On Friday, October 20, a crowded house of social scientists, computer scientists, and planners gathered in the new ISSR lab to discuss insights emerging from a National Science Foundation funded project on the social sciences and big data. Leading the dialogue were the project’s principal investigators, who have each been program directors at the National Science Foundation: Susan Sterett, Director of the School of Public Policy and Professor of Political Science at the University of Maryland, Baltimore County and Kelly Joyce, Director of the Science, Technology & Society Center and Professor of Sociology at Drexel University.

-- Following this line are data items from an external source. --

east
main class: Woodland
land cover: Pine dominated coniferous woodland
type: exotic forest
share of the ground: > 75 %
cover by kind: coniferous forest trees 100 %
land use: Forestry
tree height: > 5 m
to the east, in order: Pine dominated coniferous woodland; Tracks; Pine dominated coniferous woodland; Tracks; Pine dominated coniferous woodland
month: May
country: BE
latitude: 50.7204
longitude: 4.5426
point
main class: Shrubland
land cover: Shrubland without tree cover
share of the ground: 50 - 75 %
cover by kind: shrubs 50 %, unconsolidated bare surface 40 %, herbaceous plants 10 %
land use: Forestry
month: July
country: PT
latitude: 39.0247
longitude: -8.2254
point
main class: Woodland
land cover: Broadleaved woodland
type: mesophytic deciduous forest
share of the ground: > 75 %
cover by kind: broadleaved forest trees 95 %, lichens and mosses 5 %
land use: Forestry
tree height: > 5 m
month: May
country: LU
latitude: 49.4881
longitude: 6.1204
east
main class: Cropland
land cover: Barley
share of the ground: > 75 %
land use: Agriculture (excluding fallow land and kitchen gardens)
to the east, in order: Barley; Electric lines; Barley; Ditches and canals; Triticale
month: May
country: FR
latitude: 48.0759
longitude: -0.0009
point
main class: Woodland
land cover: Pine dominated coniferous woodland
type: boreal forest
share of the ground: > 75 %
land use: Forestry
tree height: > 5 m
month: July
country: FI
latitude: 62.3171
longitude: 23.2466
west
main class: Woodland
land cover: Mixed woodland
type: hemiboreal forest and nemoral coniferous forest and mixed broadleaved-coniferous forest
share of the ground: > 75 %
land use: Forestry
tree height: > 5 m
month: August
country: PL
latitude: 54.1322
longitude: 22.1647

Drawing on the project’s work with researchers, data technicians, and city and federal government officials, the presentation and ensuing exchange grounded the optimism surrounding big data analytics in the hard-won lessons of social science, and underlined the importance of collaboration among social and computer scientists from the earliest stages of big data research design. These lessons highlighted the practical challenges of converting messy social phenomena into clean data, the political dynamics shaping whose data, questions, and analysis drive the big data train, the empirical questions surrounding the unacknowledged labor that big data requires, and the ethical issues triggered by its use for policy analysis and decision-making.
Examples of data analytics projects done well, and gone wrong, brought a dose of realism to the image of abstract and objective mathematics that big data so often conveys, and show its deep dependence on the real people, places, and power relations that are the purview of social science. Against the idea that “data wants to be free,” the presenters shared numerous examples where data is emphatically not free, or at least not equally so. Participants considered—for example—the struggle to obtain valid information on pupils, workers, and infrastructure in Arlington County, VA where the high concentration of federal intelligence and defense workers leaves big holes in official data, and human creativity must be recruited to extrapolate counts from distant proxies. City officials labor for up to a year to produce the resulting data, a luxury many small and mid-sized cities can’t afford. Off-the-shelf data sets or commercial services offer time- and resource-strapped users a way into the data revolution, but little ability to explore the assumptions and biases that these might contain. Joyce and Sterett asked, “What does it mean to govern through open data? What are the work practices involved in translating records into data? What gets asked? What gets bracketed?”
More automated data analytics—where subject data is pulled from the cloud as people go about their lives—is no less subject to questions of validity, equity, and ethics. Even anonymized data can be easily re-identified when big datasets are merged, and people lose their “right to be forgotten” when data can be redeployed long after its fitness for ethical use. Microsoft Research analysis of the Cambridge MA pilot of “Street Bump,” an application where residents reported potholes from their cellphones found that the effect was like “inequality on steroids.” Because app use was highly correlated with existing class and cultural hierarchies, neighborhoods populated by younger and wealthier residents drew the lion’s share of street repairs; a bias quickly fixed when the social scientists shared their findings with the developers, who installed the app on city buses and garbage trucks. This example raised the questions about how developers calibrate new technologies by comparing with conventional “street-level” sources, and also how power operates when numbers and algorithms stand between the analyst and the subject. “Power doesn’t go out of the room just because data is in it,” Joyce affirmed.
An important question that faces a research university like UMass is how to equip students and researchers with the critical lens that is missing from so many of the “boot camp” programs that promise to position students to reap the job the new big data economy. The conversation suggested the work that lies ahead at a theoretical level to explore big data’s ontological and epistemological questions, as well as these practical and ethical concerns. On the most fundamental level of inquiry, the cases explored raise the question of what is being produced in the translational data sciences, and how the translation process mystifies underlying social relations. In line with other work on quantification in society, the presenters asked why we expect data to surprise us in ways that people can not, and to be more reliable than people’s perceptions and experiences of their realities –what social beliefs and biases underlie the trust we place in numbers and experts instead of the people who live and work in these spaces?
This dialogue was co-sponsored by the ISSR and the Computational Social Sciences Institute, with funding from the National Science Foundation award #1623445, and marks the second conversation on this important project at UMass. It builds on a previous workshop—Advancing Ethics for Trustworthy Cyberspace and Data Analytics—that was organized by Joyce and Sterett and was held on September 29-30, 2016 in Arlington, VA. Joyce and Sterett are working on a report that summarizes findings from the workshop. The report will be freely available to the public.